Marty's Diner can be wicked at these flows. Spent some time in there a few years ago and lost an oar. I have heard of lots of flips in Shonshone lately. Hope everyone is ok but dont forget that just cause the flows are coming down things get easier.


----------



## Snowy Range (May 3, 2008)

DID YOU SEE THIS POST?? MIGHT BE YOUR PADDLE. "Total yardsale in Shoshone today, and I lost an oar. . . along with the lid to my cooler, and it's contents. The oar is a sawyer polecat.If you find it beer reward. 970-310-7130"


----------



## akorte (Apr 12, 2011)

Sadly not mine. . . I dumped on Monday. Thanks for the heads up!


----------



## Gremlin (Jun 24, 2010)

The ranger at Shoshone said six rafts flipped Saturday. Flows were around 4700 cfs and it was rockin'! We must have been right behind Paco, the emergency vehicles were heading up the bike path and the flipped raft was tied up. I didn't see anyone stuck on rocks. Anyhow, we kept an eye out for gear down to South Canyon but didn't find anything. Also IK'd Grizzly down Sunday and looked in eddies but found nothing. 

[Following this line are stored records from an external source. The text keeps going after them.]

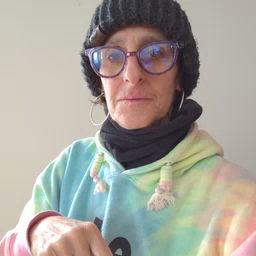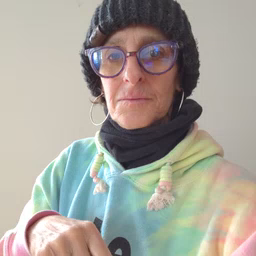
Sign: sun
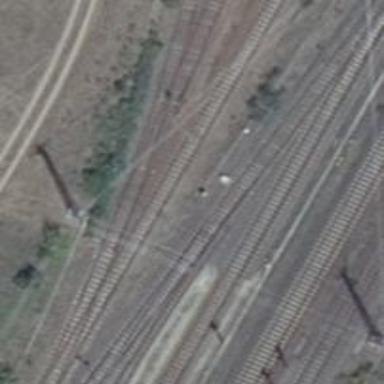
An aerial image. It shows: Railway switch.
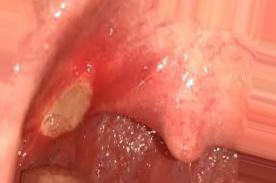
Condition: Mouth Ulcer
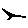
Label: bird
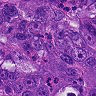
Metastatic tissue present: yes

Hope the flows hold and be safe, lots of fun!


----------



## swedgen (Mar 29, 2011)

I was damn close to flipping in Marty's on Sunday. Dumped 4 of the 6 people on the boat lost one cataract paddle but all made it to the bank above the wall safely. Thank god for bucket boats


----------



## boaterbrune (Jun 6, 2011)

I was working Sat and saw 2 of the 6 flips on the way up. We were talking and think some rocks slid into the river at the corner above Marty's and is making it a little tougher to get right of it.


----------



## kentuckyed (Jul 12, 2011)

*shoshone carnage*

The wave on river right is called Tuttle's, big lateral, not new but big at current levels. Lots of carnage up there last weekend. I've returned a couple paddles, and picked up more gear w/out names or numbers. Picked up a cooler lid, it is sitting at our boat house. This section is flowing at May/June levels not August levels. Be Careful.


----------



## gwoodcat (Jul 1, 2011)

Saw what I believe was an yellow oar (possibly with blue) on the (railroad) shore today past grizzly but couldn't eddy out quick enough.. I'll try again tomorrow.


----------